Sejarah Perkembangan Perkebunan Karet di Sumatera Timur

Oleh : Sumarsongko Sastrowardoyo

Salah satu akibat penting dari kemelut tembakau 1891 yalah peningkatan usaha untuk menanam tanam-tanaman perdagangan baru, yang mempunyai prospek ekspor baik di paaran internasional. Kemelut 1891 menunjukkan bahwa ekonomi yang cuma tergantung daripada satu tanaman saja (monoculture economy)

Mula-mula diupayakan untuk menanam kopi di daerah Serdang, namun persaingan dari kopi Brasilia mengakibatkan penanaman kopi tidak sebegitu menguntungkan, sehingga sesudah beberapa tahun, dihentikan sama sekali di Sumatera Timur. Penanaman kopi juga tak kelihatan menarik sebab justru para pengusaha perkebunan besar mulai menanam karet jenis Hevea Braziliensis di perkebunan-perkebunan Sumatera Timur ternyata mempunyai prospek yang sangat cerah sehingga banyak perkebunan kopi lalu dijadikan perkebunan karet.
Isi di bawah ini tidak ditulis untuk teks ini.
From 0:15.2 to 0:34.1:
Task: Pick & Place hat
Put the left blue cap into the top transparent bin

Daerah yang lalu menjadi sebagai pusat penanaman karet adalah daerah Serdang, seperti juga Deli merupakan pusat penanaman tembakau. Selama abad kesembilan belas, karet berkembang dengan cepat sehingga menjadi penggerak ekonomi daerah Sumatera Timur, seperti halnya dengan tembakau Deli menjadi penggerak daerah Sumatera Timur beberapa puluh tahun yang silam.

Masalah Tenaga Kerja.

Suatu pembahasan mengenai pertumbuhan ekonomi Sumatera Timur tidak lengkap tanpa pembahasan mengenai masalah persediaan tenaga kerja yang dihadapi perkebunan-perkebunan besar di Sumatera Timur, sejak dibuka untuk modal dan usaha Barat. Nienhuis sendiri sudah mengalami betapa sukarnya mendapat enga kerja untuk perkebunan tembakau yang baru ia buka, lantaran penduduk setempat umumnya tidak bersedia bekerja pada perkebunan-perkebunannya.
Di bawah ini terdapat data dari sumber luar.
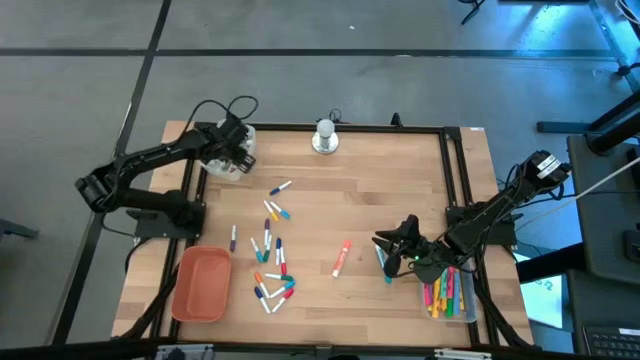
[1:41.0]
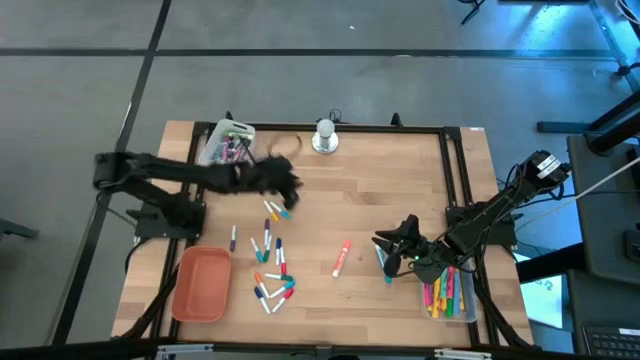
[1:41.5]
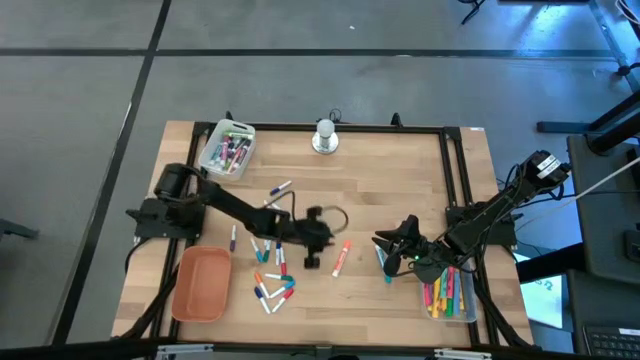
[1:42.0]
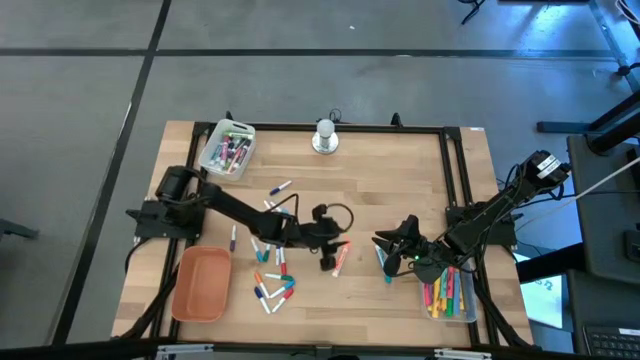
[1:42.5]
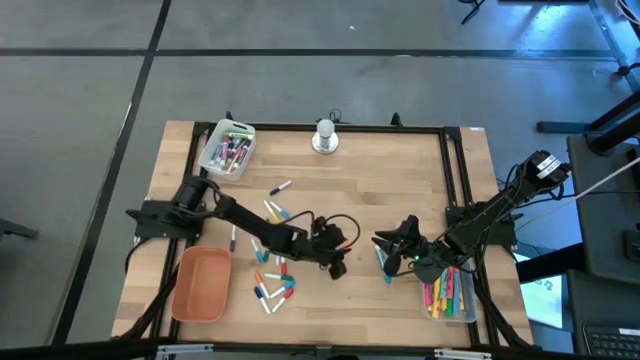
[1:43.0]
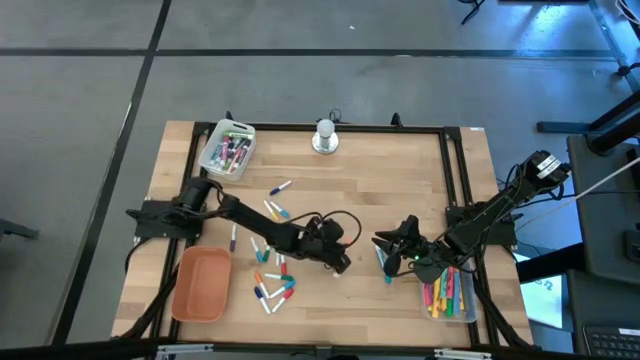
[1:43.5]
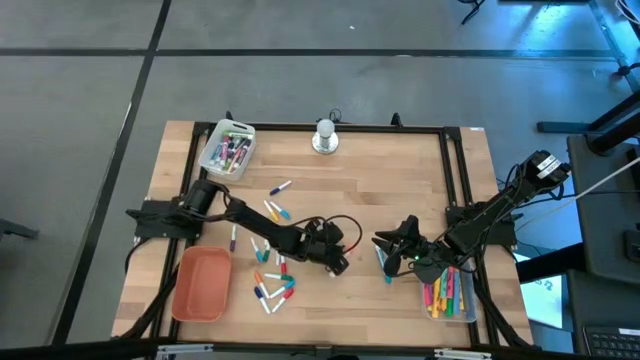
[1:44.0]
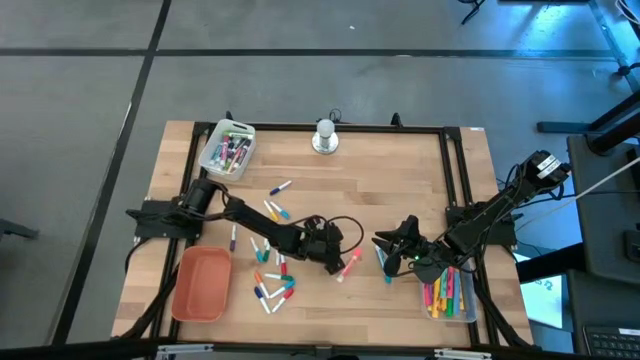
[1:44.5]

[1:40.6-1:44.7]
Task: Pick & Place Markers
Put the orange marker pen into the white bin

Dipandang dari sudut ekonomi, keengganan penduduk setempat untuk bekerja sebagai buruh perkebunan bisa kita mengerti, sebab dengan jumlah penduduk yang kecil dan tersedianya tanah luas tidak terdapat suatu perangsang ekonomi yang besar untuk menambah nafkahya. Berbeda dengan di pulau Jawa, tekanan penduduk untuk mencari tambahan nafkah dengan bekerja pada perkebunan-perkebunan besar.
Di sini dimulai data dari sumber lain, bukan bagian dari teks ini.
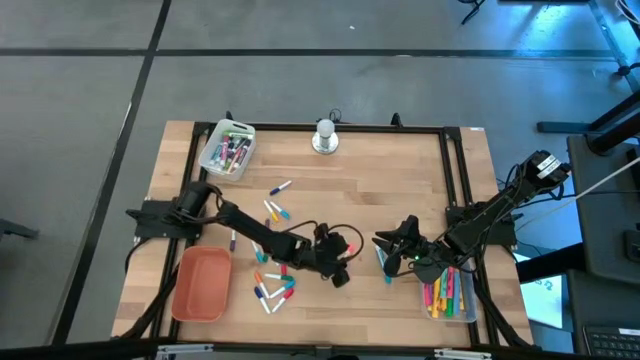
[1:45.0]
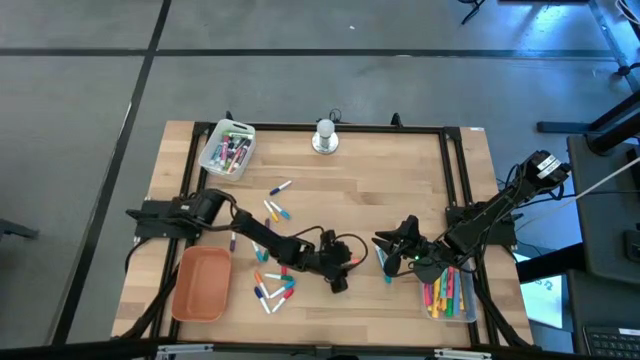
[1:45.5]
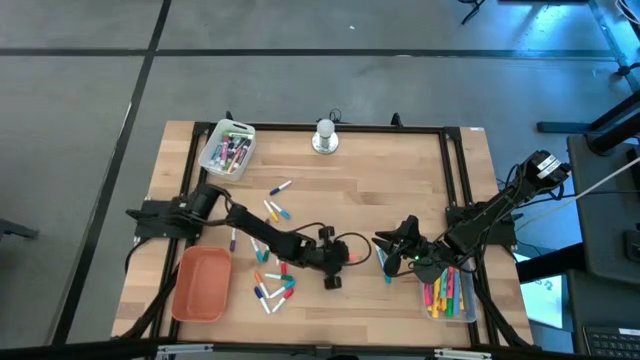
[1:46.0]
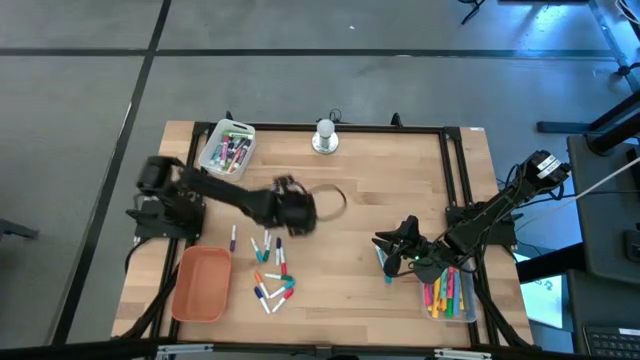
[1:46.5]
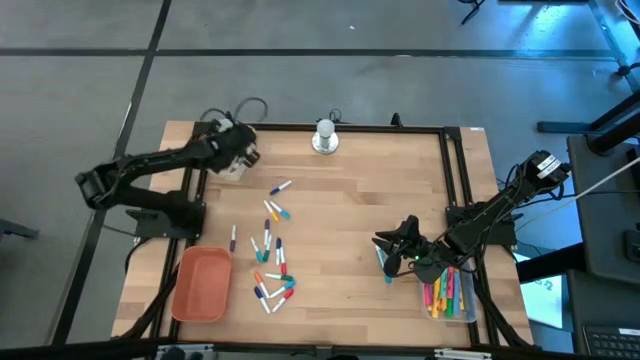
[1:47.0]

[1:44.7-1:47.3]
Put the orange marker pen into the white bin

Kurangnya tenaga kerja yang semula dialami oleh Nienhuis serta para pengusaha perkebunan-perkebunan lainnya, mendorong para pengusaha perkebunan itu untuk menarik tenaga kerja dari daerah-daerah lain. Selama beberapa tahun pertama, para pengusaha perkebunan Deli berhasil untuk menarik tenaga kerja Tionghoa, yang diambil dari pulau Pinang serta singapura, lewat para perantara (brokers) Tionghoa.

Upaya untuk mempekerjakan buruh-buruh Tionghoa itu berhasil, sesudah daerah Sumatera Timur dibuka untuk investasi modal Barat, perkebunan-perkebunan tembakau di Deli sudah mempekerjakan k.l. 3,000 buruh Tionghoa.Usaha pengerahan tenaga kerja dengan sistem perantara ternyata punya kelemahan serta kekurangan, sebab para perantara sering menculik atau membujuk calon-calon buruh dengan janji muluk-muluk untuk pergi ke Sumatera Timur, tanpa mereka ketahui keadaan sebenarnya. Pengerahan tenaga kerja melalui pengantara pun mahal sekali, lantaran uang komisi tinggi sekali untuk 'jasa-jasa' mereka.

Para pengusaha perkebunan-perkebunan di Sumatera timur kemudian mengambil keputusan untuk mencari sendiri di Tiongkok. Para pengusaha perkebunan-perkebunan tembakau di Sumatera Timur pada tahun 1879 sudah menggabungkan diri dalam Deli Planters Vereeniging (DPV), dengan tujuan supaya perhimpunan para pengusaha perkebunan Deli ini dapat menanggulangi pelbagai masalah yang dihadapi para pengusaha perkebunan, khususnya mengenai masalah tenaga kerja.

Sebagai hasil Biro Imigrasi, para pekerja yang direkrut di Tiongkok bertambah dengan cepat, sbb: Pada tahun 1888, 1,152 pekerja didatangkan dari Tiongkok, namun setahun kemudian angka ini sudah meningkat hampir lima kali lipat sampai 5,167, kemudian meningkat lagi menjadi 6,666 pada tahun 1890.